In April 2015, the Court denied Plaintiff leave to amend his Complaint to also assert a claim
against correctional officer “BR,” specifically because Plaintiff had not exhausted administrative
remedies as to this claim as mandated by 42 U.S.C. § 1997e. See R. Docs. 14 and 15.
In November 2015, the Court again denied Plaintiff leave to amend his Complaint, this time to
add a claim that correctional officers Major Nettles and Constance Shiply improperly found
Plaintiff guilty of the disciplinary charge issued against him in December 2014, which finding of
guilt was allegedly later overturned. See R. Docs. 17 and 40.
Finally, in March 2016, the Court again denied Plaintiff leave to amend his Complaint, this
time to add, inter alia, claims of further retaliation and misconduct. See R. Doc. 74. The Court
noted at that time that Plaintiff’s pro se status did not give him license to “clog the judicial
machinery with meritless litigation, and abuse already overloaded court dockets.” Id.
Plaintiff is now once again before the Court seeking to supplement his Complaint.
Plaintiff’s motions shall again be denied. Most, if not all, of the claims sought to be added by
Plaintiff relate to events that allegedly occurred after the filing of his original Complaint.
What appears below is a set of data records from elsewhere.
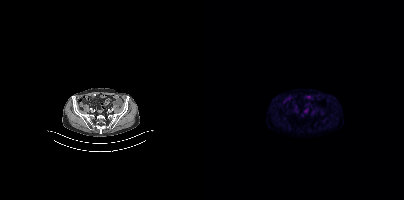
Findings: Negative for PSMA-avid disease on this slice.
- Paired axial CT (left) and PSMA PET (right), 18F tracer
- acquired on Siemens Biograph mCT Flow 20
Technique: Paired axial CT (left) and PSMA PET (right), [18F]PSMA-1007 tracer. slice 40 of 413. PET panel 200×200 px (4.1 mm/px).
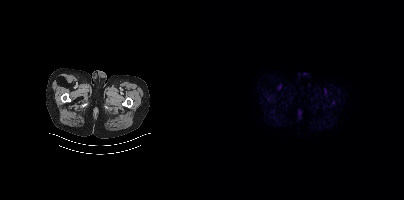
Findings: Negative for PSMA-avid disease on this slice.
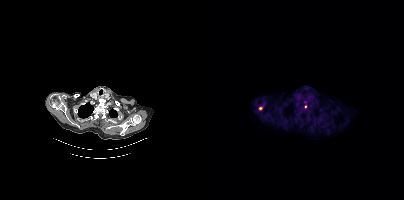
{"modality":"PSMA PET/CT","view":"axial","tracer":"18F-PSMA","pet_grid":[200,200],"coord_frame":"pet_panel","coord_format":"x0,y0,x1,y1","lesion_bboxes":[],"small_foci_centers":[[56,108],[101,106]]}
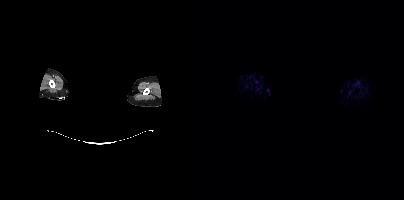
The head region is masked for de-identification.
No tumor lesions annotated on this slice.
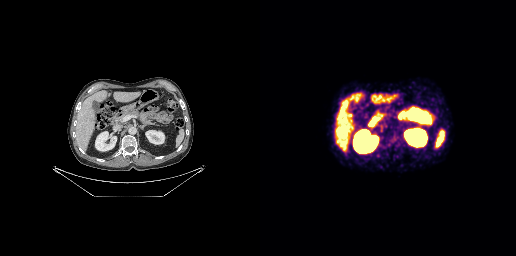
{"pet_grid":[256,256],"coord_frame":"pet_panel","coord_format":"x0,y0,x1,y1","psma_avid_lesions":false,"modality":"PSMA PET/CT","view":"axial","tracer":"68Ga"}
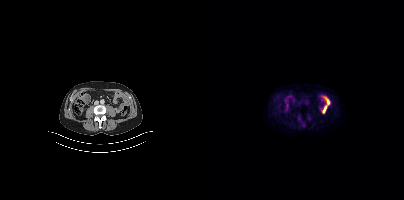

Whereas Plaintiff alleges that he has administratively exhausted these claims as mandated by 42
U.S.C. § 1997e, these claims were not administratively exhausted at the time that he commenced
this proceeding. Consequently, they are not properly before the Court. See Smith v. Olsen, 455
Fed. Appx. 513, 515 (5th Cir. 2011) (noting that “[a]n amended complaint will not typically cure
the failure to exhaust administrative remedies prior to initially filing suit”). See also Wendell v.
Asher, 162 F.3d 887, 890 (5th Cir. 1998) (explaining that § 1997e “plainly requires that
administrative remedies be exhausted before the filing of a § 1983 suit, rather than while the action
is pending”), overruled by implication on other grounds, Jones v. Bock, 549 U.S. 199 (2007).
Further, whereas the Federal Rules of Civil Procedure envision that leave to amend a Complaint
shall be freely granted when justice requires, see Rule 15(a)(2), Fed. R. Civ. P., this policy is not
absolute and, in any event, the supplementation of a Complaint to set forth claims occurring after
the date of filing of the original pleading is addressed to the sound discretion of the Court. See
Rule 15(d). In the exercise of this discretion, the Court declines to allow Plaintiff leave to
supplement his Complaint to assert the referenced claims and to add the referenced parties.
Accordingly,
IT IS ORDERED that Plaintiff=s Motion to Amend (R. Doc. 55), Motion for Leave to Amend
(R. Doc. 84), Amendment to Motion for Leave to Amend (R. Doc. 83) and Motion/Affidavit for
Leave to Amend (R. Doc. 85) are hereby DENIED. The Court advises Plaintiff that no further
amendment or supplementation of the claims asserted in this proceeding shall be allowed.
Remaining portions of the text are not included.